Figure 1.

Ag-scaffolds bind to specific T-cells via attached pMHC I and delivers co-attached co-stimulation and cytokines. (A) Schematic drawing of an Ag-scaffold comprizing a dextran backbone to which MHC class I molecules carrying peptide (pMHC), co-stimulatory molecules and cytokines can be attached. The Ag-scaffold bind to T-cells via pMHC-TCR-interaction and forms an artificial immunological synapse. (B) Binding of FITC-labeled dextran-backbone with varying amounts of pMHCs, to HLA-A0101 CMV pp65 YSE-specific T-cells (~4%).
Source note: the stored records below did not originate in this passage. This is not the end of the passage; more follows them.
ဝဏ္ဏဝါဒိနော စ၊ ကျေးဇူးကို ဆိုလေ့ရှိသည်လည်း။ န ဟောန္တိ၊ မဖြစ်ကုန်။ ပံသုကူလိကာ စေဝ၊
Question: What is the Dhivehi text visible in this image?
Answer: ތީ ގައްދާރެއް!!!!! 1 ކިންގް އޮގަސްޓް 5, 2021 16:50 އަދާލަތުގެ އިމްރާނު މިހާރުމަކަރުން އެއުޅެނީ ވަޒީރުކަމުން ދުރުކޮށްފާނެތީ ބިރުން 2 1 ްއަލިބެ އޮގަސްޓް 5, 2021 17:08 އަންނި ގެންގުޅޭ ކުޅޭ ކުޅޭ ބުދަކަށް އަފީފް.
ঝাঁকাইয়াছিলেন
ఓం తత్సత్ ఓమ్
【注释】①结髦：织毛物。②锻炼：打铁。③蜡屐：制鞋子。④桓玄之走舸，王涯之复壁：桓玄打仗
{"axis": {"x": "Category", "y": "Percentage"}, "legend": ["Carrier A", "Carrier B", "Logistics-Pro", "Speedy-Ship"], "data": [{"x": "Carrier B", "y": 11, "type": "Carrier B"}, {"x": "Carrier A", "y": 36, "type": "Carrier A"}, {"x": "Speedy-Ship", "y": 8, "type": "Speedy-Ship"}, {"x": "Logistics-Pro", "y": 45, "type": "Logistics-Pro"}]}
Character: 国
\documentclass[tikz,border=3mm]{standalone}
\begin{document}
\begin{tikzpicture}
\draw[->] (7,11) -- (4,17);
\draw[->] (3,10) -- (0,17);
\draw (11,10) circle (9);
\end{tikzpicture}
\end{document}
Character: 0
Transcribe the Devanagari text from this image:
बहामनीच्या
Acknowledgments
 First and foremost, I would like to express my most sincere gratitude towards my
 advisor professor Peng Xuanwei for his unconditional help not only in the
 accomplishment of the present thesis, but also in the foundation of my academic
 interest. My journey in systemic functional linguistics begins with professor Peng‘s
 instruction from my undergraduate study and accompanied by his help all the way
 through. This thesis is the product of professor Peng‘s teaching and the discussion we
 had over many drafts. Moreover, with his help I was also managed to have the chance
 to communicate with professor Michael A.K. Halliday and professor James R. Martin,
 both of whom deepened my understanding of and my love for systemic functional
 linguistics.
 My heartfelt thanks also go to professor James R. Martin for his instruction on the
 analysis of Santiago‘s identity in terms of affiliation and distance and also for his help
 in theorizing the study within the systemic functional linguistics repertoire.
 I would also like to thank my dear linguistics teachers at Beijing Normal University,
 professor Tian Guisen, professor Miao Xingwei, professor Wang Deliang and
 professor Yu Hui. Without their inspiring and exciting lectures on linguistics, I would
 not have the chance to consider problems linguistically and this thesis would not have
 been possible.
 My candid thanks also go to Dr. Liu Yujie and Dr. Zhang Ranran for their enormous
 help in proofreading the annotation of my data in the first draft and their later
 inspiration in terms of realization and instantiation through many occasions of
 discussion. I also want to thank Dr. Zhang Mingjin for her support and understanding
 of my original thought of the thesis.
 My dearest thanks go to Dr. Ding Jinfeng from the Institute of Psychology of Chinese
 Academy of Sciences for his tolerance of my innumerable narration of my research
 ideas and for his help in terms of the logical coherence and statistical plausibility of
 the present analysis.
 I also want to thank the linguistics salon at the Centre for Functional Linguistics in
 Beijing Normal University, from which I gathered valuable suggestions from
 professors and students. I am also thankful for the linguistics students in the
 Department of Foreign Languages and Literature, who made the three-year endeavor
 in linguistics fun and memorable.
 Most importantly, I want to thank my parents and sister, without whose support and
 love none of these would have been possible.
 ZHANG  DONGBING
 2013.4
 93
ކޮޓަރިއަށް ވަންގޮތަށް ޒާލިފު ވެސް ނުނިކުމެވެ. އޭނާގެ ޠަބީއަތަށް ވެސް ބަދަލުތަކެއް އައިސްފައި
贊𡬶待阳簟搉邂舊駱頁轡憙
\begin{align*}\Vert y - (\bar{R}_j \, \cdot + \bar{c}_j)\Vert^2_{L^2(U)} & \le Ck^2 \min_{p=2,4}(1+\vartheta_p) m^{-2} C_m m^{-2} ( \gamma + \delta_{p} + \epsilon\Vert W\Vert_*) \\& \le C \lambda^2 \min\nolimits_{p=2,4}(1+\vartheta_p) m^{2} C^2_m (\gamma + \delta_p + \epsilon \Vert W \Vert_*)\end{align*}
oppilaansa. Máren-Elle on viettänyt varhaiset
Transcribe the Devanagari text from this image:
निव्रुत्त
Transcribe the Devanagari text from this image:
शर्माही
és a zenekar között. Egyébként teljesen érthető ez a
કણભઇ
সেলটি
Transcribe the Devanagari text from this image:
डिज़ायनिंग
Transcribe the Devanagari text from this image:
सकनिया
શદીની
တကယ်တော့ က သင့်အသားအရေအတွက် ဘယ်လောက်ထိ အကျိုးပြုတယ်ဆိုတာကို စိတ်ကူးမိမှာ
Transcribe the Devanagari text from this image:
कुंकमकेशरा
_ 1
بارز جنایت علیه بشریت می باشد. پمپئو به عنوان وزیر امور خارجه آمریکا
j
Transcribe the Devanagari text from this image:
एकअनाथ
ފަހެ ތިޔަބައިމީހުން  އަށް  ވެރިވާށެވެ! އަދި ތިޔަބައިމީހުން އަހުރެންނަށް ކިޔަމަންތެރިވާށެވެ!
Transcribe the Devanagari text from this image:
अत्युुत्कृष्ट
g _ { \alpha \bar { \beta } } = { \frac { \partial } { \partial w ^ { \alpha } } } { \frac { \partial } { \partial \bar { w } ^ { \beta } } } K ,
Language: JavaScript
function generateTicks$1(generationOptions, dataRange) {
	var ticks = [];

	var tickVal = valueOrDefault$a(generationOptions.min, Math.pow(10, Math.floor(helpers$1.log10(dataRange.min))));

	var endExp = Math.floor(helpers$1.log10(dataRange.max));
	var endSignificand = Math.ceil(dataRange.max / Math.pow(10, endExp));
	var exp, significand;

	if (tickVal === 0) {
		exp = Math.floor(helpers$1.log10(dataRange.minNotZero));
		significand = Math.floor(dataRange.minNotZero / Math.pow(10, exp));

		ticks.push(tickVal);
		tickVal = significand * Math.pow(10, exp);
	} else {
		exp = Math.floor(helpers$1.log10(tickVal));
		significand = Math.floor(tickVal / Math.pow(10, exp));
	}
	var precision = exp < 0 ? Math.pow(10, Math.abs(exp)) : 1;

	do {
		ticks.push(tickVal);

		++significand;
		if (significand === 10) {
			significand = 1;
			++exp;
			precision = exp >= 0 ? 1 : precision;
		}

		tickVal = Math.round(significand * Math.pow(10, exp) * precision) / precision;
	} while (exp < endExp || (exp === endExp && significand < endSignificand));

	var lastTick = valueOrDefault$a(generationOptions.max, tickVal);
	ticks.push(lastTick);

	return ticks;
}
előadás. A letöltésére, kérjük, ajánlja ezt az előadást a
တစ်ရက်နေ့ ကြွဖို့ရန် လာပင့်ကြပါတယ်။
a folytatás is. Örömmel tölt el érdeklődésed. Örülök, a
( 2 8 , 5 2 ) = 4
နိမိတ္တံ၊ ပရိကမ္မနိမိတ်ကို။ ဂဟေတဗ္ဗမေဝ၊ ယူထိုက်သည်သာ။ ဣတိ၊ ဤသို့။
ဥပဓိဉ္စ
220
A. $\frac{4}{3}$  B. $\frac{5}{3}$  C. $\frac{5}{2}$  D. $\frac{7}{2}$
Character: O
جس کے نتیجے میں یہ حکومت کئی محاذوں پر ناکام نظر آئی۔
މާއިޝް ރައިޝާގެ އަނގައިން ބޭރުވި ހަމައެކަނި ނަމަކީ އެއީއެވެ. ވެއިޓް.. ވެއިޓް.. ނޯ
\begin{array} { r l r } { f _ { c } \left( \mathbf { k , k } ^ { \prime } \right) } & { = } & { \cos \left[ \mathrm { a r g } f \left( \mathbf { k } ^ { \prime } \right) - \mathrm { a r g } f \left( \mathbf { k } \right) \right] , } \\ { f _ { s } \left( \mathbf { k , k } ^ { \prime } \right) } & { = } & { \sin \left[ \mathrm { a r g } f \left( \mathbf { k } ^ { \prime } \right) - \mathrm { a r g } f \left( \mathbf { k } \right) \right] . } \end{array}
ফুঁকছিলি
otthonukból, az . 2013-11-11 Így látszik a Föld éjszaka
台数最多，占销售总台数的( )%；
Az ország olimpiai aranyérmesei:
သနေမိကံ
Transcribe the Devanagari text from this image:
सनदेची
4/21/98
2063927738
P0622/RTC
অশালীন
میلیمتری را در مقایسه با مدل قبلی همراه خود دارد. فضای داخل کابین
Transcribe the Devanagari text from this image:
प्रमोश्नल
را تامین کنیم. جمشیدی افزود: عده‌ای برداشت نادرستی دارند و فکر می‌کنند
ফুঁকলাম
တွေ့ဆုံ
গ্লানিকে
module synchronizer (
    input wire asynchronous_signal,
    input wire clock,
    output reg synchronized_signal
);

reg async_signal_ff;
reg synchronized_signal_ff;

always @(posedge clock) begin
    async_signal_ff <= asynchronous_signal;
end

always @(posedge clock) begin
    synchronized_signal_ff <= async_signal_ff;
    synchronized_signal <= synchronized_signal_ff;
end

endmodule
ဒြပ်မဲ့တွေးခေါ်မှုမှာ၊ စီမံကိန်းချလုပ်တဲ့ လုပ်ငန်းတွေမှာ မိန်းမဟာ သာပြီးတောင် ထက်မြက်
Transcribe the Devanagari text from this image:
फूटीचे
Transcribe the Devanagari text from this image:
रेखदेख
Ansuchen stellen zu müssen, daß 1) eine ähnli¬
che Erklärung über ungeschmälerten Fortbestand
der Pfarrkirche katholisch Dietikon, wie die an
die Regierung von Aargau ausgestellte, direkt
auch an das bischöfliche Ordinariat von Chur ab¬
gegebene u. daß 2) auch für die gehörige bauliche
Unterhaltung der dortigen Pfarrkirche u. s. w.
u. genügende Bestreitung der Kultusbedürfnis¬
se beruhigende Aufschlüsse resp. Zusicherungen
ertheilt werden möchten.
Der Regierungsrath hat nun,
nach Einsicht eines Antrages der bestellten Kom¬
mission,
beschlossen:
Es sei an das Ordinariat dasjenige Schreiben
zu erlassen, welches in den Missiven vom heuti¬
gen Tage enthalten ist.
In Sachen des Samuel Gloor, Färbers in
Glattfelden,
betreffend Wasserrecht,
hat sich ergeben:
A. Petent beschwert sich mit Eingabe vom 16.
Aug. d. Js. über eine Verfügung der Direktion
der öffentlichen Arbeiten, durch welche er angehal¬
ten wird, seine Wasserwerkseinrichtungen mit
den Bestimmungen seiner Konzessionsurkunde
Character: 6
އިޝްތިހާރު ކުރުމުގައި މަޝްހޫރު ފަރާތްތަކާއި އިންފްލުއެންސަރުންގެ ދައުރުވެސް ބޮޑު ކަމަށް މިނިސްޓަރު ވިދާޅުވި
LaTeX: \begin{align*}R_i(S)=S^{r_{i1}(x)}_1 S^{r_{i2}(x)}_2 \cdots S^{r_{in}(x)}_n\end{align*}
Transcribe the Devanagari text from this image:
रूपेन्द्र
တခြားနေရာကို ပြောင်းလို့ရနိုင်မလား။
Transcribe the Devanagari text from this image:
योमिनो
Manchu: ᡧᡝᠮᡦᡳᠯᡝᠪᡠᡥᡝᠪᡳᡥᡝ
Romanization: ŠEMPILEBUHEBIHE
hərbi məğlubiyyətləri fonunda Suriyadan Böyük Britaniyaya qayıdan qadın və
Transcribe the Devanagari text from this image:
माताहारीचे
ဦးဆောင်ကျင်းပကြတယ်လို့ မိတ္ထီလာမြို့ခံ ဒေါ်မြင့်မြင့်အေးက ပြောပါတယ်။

Ratios were compared in median fluorescent intensity (MFI in black) and staining index (SI in white). CD8⁺ T-cells were labeled with PECy5. (C) T-cell binding of a 1:10 dextran:pMHC in combination with either 5:5 or 10:10 of B7.2:IL-15. (D) Ag-scaffolds comprizing only dextran:B7.2 (1:30) or dextran:IL-15 (1:30) could not direct T-cell binding. (E) Schematic representation of a 2 week Ag-expansion where Ag-scaffold and fresh media is supplemented to the culture on day 0, 3, 7 and 10. (F) Only Ag-scaffolds (dextran:pMHC:B7.2:IL-15) containing HLA-A0101 carrying the Influenza BP VSD-peptide and not an irrelevant pMHC, could expand a population of HLA-A0101 Influenza BP VSD-specific T-cells from PBMCs from a healthy donor. Specific cells were stained with a PE/APC-tetramer. Ag-scaffolds, antigen-presenting scaffold; APC, Allophycocyanin; BP, polymerase basic protein, CMV, cytomegalovirus, dex, dextran; FITC, Fluorescein isothiocyanate; HLA, human leukocyte antigen; IL, interleukin; MHC, Major Histocompatibility Complex; PBMCs, peripheral blood mononuclear cells; PE, R-phycoerythrin; TCR, T-cell receptor; VSD, the first three aminoacids of the peptide.